なにかつてはあるのかと尋ねるオレに、クラウスはかぶりを振るうと、呆れるように呟いた。
「おいおい、忘れるんじゃねえよ。お嬢ちゃんたち以上にうってつけの人材がいるじゃねえか」
「はあ? 誰のことだよ?」
「俺だ、俺。軍隊のまとめ役には、これ以上ない人選だろうが」
不敵に笑うハイエルフに反応したのはアルフレッドで、驚きのあまりにワインを詰まらせたのか、ゲホゲホとむせかえっている。
「大丈夫か?」
「ゲホッ、し、失礼しました……。あまりにも突拍子のない話だったもので……」
涙目を浮かべる龍人族の商人を、不本意そうに眺めやってクラウスは肩をすくめた。
「素人に任せるわけにはいかねえだろ。その点、こちとらプロフェッショナルだしな」
「だとしてもです。一国の主だったお方が、発展途上である一都市の軍隊を率いるなんて前代未聞ですよ」
「先駆者ってわけだ。光栄な話じゃねえか」
ケラケラと愉快そうに笑ってから一気に赤ワインをあおったクラウスは、まっすぐにこちらを見やった。
「で? どうするんだ、タスクよ。お前さんさえ良ければ、俺がまとめ役を引き受けるが」
「そりゃ、願ってもない話だけど……。いいのか?」
「何がだ?」
「軍組織の代表となったら、おちおち旅にも出られないだろ?」
大陸中を放浪するのが生きがいみたいな男なのだ。一カ所に留まる仕事を任せていいのか気がかりだったのだが。

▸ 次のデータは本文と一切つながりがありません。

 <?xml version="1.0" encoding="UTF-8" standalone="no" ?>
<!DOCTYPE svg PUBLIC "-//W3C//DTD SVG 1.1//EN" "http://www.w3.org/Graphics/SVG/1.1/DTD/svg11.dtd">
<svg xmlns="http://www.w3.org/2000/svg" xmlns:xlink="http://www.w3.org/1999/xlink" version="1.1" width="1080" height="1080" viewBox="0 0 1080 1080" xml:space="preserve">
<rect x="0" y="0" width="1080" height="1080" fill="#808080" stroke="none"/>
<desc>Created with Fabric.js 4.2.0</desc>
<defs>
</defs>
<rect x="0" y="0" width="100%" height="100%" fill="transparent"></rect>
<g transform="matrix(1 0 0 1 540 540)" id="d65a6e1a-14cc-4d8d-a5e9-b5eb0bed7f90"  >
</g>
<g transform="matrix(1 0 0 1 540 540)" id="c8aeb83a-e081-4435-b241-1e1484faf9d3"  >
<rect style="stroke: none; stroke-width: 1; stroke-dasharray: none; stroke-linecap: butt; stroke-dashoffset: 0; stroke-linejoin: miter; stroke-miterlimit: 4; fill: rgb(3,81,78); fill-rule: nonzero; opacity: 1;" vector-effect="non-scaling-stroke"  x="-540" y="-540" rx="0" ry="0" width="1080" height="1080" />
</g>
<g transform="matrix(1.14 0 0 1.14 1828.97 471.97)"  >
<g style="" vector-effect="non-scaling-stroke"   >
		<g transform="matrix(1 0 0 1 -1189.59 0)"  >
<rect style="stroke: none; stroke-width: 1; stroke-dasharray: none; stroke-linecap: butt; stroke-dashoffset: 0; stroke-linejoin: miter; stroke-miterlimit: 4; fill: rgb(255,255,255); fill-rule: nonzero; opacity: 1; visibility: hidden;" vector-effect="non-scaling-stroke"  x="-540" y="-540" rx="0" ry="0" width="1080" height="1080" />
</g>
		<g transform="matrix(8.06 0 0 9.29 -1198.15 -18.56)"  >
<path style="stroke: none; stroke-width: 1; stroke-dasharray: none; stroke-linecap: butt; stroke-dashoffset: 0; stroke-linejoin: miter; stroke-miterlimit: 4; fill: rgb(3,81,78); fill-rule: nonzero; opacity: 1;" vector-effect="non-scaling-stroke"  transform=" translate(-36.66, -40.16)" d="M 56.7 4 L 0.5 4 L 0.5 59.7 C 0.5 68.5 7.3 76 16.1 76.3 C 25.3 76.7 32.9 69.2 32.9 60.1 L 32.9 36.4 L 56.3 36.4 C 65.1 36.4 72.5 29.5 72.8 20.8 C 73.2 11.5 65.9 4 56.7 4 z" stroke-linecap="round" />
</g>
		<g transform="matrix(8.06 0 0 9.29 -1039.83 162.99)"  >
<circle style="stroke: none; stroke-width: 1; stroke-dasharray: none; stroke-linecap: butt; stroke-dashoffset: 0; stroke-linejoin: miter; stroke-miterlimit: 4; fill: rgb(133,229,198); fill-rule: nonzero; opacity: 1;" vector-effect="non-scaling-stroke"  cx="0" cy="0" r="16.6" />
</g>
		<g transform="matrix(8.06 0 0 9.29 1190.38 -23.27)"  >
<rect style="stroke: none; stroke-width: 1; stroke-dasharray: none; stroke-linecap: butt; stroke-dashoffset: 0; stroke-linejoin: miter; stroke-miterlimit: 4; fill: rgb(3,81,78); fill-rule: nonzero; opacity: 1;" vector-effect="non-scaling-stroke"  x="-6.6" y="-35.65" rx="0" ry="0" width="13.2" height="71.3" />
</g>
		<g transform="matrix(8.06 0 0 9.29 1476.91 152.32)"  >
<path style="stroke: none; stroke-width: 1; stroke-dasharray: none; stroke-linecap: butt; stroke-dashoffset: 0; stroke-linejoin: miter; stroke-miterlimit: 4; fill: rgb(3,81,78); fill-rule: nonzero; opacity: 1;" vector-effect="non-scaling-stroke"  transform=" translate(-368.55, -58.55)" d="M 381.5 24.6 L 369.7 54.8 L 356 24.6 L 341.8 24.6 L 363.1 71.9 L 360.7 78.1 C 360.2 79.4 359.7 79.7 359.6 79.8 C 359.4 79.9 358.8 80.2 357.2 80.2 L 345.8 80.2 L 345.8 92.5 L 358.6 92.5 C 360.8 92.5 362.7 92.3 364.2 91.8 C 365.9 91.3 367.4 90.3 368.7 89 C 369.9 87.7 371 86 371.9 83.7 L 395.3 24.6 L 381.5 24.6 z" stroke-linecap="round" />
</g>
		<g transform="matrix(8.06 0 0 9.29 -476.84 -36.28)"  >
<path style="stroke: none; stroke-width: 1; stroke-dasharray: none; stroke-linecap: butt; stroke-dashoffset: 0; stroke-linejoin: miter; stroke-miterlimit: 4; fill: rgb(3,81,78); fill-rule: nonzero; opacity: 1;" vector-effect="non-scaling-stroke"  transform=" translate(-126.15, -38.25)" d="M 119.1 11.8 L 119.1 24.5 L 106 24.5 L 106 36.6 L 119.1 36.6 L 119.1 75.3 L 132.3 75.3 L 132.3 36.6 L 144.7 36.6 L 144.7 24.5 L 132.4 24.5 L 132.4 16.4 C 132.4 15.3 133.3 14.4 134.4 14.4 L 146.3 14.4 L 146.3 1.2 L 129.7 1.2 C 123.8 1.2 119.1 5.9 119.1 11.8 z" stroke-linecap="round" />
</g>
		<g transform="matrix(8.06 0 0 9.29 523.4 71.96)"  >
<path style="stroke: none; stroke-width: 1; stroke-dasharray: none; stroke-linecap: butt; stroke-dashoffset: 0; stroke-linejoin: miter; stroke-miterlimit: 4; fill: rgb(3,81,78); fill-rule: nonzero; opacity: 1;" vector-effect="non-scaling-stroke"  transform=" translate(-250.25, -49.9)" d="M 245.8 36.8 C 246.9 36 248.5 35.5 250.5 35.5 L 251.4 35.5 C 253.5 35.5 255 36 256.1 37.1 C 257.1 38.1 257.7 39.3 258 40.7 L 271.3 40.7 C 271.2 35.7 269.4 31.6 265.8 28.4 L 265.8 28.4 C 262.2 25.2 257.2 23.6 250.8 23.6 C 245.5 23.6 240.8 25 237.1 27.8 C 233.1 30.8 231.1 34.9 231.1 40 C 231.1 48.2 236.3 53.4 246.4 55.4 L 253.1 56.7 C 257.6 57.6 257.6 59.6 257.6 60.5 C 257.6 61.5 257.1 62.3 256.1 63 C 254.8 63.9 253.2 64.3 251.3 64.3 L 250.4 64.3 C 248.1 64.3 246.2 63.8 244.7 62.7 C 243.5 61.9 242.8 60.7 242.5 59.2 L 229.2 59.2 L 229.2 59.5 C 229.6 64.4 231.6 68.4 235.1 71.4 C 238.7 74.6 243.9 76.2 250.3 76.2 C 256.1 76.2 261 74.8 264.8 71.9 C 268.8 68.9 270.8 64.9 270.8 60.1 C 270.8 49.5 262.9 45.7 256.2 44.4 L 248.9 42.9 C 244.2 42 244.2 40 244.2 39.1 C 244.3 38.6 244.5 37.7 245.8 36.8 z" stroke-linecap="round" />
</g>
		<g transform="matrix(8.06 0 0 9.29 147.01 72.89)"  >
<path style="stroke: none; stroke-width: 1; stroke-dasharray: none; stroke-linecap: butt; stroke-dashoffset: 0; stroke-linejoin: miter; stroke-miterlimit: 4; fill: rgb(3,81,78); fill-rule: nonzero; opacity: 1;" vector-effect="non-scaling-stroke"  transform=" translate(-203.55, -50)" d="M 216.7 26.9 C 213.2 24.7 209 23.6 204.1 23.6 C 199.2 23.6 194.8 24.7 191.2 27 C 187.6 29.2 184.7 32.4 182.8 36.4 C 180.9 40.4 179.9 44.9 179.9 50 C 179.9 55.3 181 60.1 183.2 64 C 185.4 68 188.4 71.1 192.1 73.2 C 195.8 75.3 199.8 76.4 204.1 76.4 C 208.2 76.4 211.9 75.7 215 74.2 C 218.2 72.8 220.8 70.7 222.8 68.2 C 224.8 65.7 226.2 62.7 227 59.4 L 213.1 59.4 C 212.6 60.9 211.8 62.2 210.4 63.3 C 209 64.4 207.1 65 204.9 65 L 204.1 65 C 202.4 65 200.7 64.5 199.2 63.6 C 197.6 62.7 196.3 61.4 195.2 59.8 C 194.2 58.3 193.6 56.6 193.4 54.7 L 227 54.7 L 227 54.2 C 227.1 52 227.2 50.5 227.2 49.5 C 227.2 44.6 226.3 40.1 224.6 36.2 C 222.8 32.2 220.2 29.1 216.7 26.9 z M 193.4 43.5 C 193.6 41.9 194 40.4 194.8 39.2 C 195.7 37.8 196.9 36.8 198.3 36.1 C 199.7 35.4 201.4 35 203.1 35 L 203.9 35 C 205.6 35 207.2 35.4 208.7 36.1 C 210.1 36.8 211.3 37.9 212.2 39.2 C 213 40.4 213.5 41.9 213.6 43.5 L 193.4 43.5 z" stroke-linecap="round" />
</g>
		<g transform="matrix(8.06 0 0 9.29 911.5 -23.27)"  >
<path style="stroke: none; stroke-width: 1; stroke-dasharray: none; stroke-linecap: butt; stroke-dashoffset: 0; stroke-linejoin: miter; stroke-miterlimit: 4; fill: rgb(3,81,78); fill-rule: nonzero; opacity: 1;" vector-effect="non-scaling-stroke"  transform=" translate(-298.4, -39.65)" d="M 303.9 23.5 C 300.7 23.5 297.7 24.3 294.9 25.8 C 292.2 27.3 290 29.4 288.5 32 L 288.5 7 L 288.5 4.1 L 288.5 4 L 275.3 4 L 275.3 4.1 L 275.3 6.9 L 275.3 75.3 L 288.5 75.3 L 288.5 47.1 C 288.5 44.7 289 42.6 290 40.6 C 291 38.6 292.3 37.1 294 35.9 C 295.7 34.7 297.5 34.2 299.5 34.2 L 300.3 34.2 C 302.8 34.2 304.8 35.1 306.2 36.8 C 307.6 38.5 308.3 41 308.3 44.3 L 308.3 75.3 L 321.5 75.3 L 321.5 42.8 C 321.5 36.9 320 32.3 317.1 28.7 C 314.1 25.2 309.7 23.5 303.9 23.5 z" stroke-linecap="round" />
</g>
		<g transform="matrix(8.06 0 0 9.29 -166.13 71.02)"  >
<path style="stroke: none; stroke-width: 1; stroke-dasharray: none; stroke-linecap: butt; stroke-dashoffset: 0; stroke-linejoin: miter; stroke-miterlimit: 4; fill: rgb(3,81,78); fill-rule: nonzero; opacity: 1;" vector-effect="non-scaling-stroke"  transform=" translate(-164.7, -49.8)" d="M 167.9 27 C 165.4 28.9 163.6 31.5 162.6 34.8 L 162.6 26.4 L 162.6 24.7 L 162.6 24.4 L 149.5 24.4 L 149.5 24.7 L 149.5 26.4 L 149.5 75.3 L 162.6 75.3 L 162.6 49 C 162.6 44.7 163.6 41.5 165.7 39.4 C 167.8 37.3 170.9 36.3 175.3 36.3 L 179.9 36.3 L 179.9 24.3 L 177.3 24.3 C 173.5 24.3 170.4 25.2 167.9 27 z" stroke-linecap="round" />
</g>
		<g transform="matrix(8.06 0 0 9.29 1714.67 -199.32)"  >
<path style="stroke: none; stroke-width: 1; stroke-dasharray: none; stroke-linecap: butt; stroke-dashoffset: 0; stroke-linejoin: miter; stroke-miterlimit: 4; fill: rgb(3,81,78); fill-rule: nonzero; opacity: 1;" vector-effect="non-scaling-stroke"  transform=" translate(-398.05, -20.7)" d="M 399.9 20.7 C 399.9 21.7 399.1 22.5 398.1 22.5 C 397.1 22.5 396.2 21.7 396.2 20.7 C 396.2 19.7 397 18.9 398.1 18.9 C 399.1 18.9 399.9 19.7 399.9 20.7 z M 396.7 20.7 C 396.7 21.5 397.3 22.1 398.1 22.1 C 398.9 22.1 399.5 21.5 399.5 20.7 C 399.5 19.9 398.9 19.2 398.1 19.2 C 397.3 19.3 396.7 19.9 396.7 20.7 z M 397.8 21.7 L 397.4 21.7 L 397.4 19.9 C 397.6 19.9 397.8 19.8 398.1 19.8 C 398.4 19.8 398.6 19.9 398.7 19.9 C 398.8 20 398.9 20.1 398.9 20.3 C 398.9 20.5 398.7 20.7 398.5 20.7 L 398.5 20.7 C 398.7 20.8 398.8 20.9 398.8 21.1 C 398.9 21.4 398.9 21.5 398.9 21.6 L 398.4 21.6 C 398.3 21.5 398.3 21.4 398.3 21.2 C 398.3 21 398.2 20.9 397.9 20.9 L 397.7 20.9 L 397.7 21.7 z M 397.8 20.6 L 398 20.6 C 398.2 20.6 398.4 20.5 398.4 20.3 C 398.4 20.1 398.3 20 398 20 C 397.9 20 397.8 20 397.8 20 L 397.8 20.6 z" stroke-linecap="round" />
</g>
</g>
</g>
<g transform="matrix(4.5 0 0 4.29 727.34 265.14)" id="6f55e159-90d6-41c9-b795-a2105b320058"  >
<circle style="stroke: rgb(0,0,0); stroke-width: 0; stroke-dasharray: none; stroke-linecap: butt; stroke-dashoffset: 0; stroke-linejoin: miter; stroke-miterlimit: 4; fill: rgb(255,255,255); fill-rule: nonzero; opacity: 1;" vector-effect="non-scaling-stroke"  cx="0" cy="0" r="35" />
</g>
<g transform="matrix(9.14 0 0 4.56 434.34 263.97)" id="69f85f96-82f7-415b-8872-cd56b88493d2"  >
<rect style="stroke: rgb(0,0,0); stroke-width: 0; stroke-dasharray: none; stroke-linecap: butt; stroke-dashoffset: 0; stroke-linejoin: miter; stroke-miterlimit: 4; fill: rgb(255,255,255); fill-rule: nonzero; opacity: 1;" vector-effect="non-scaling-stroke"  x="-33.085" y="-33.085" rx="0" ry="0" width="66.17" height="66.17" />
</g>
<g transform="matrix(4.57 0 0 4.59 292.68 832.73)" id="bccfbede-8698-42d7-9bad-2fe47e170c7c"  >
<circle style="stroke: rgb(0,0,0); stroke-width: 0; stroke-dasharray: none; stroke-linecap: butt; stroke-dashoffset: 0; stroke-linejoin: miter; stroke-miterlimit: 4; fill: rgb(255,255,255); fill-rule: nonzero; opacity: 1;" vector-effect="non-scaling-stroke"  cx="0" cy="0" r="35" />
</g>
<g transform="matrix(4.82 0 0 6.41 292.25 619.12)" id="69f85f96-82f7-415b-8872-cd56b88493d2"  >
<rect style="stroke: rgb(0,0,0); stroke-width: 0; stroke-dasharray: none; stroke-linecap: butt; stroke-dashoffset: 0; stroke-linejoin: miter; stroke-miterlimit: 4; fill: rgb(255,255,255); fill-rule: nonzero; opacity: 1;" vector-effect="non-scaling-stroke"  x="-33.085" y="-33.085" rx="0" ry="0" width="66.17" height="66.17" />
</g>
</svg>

「自分の人生だし、楽しみたいって言ったろ? こいつもなかなかに楽しめると思ったんでな。お前さんが気にするこたぁねえんだよ」
「だったらいいけどさ」
「決まりだな。明日から編成に取りかかるとしようや」
手のひらに拳をあてて小気味いい音を鳴らしたハイエルフの前国王は、祝杯とばかりに、空のグラスに三杯目となる赤ワインを注いだ。
「で、ここからが大事でよ。極めて重要な相談なんだけどな」
空になったワイン瓶をテーブルに戻し、クラウスは真剣な表情を浮かべてオレとアルフレッドを交互に見やった。
「軍隊に名称を付けにゃならん。何かいい案はないか?」
……は? 名前? 名前なんて適当でいいじゃんと思ったオレとは対照的に、アルフレッドは腕組みをしてすっかりと思案顔を浮かべている。
「そうでした。名称は大事ですからね。しっかりと考えなければ」
え゛っ……? ひょっとしてマジなの? 普通にフライハイト軍とかそういうのでいいんじゃと率直な感想を呟くオレに、クラウスは怒気交じりの声を上げた。
「バカ言うな。軍隊名ってのは、命と同じぐらいに大事なんだぞ? そんな安易なモンにできるかよ」
「怒らなくてもいいじゃんかよ。っていうか、そんなにこだわる必要あるのか?」
「名称がそのまま軍隊の強さに繋がるといいましょうか。耳にした相手が戦わずに引くような、威圧感のある名前をつけるのが、こちらの世界では慣例となっておりまして」
いわく、規模の大小に関わらず誇張された名前のついた軍隊がほとんどだそうだ。龍人族の国でいえば、『北方龍騎士連隊』とか『真紅龍重騎士旅団』がそれで、ハイエルフの国でいえば『
まあ、なんというか、戦隊とか言われたところでだ、オタクの身としては日曜日の朝にやっているスーパー戦隊モノぐらいしかイメージできないのが悲しいね。『怪盗戦隊ルパンレンジャー』とか『警察戦隊パトレンジャー』とかさ。あ、最近だと『騎士竜戦隊リュウソウジャー』があったけど、そういった感じのやつがいいんだろうか?
とはいえ、聞いている限りでは、中二病的ネーミングのほうがウケがいいっぽい感じもするし。これはあれだな、『幽遊白書』でいうところの『邪王炎殺黒龍波』みたいなヤツがいいんだろうかと、冗談交じりに「『邪王炎殺黒龍軍』とかどうだ?」なんて呟いたところ、
「「採用」」
という返事とともに、目を輝かせた二人から感嘆の眼差しを向けられてしまったので、慌てて前言を撤回するハメに。採用しちゃったら最後、「後戻りはできんぞ、巻き方を忘れちまったからな」という台詞とともに、右腕を犠牲にしなきゃいけなくなるでしょうが!
とにかく、軍隊の名称については後日再検討し、協議の上で決定するということになった。……この流れだと、中二病全開の名前からは逃れられないんだろうなあ、きっと。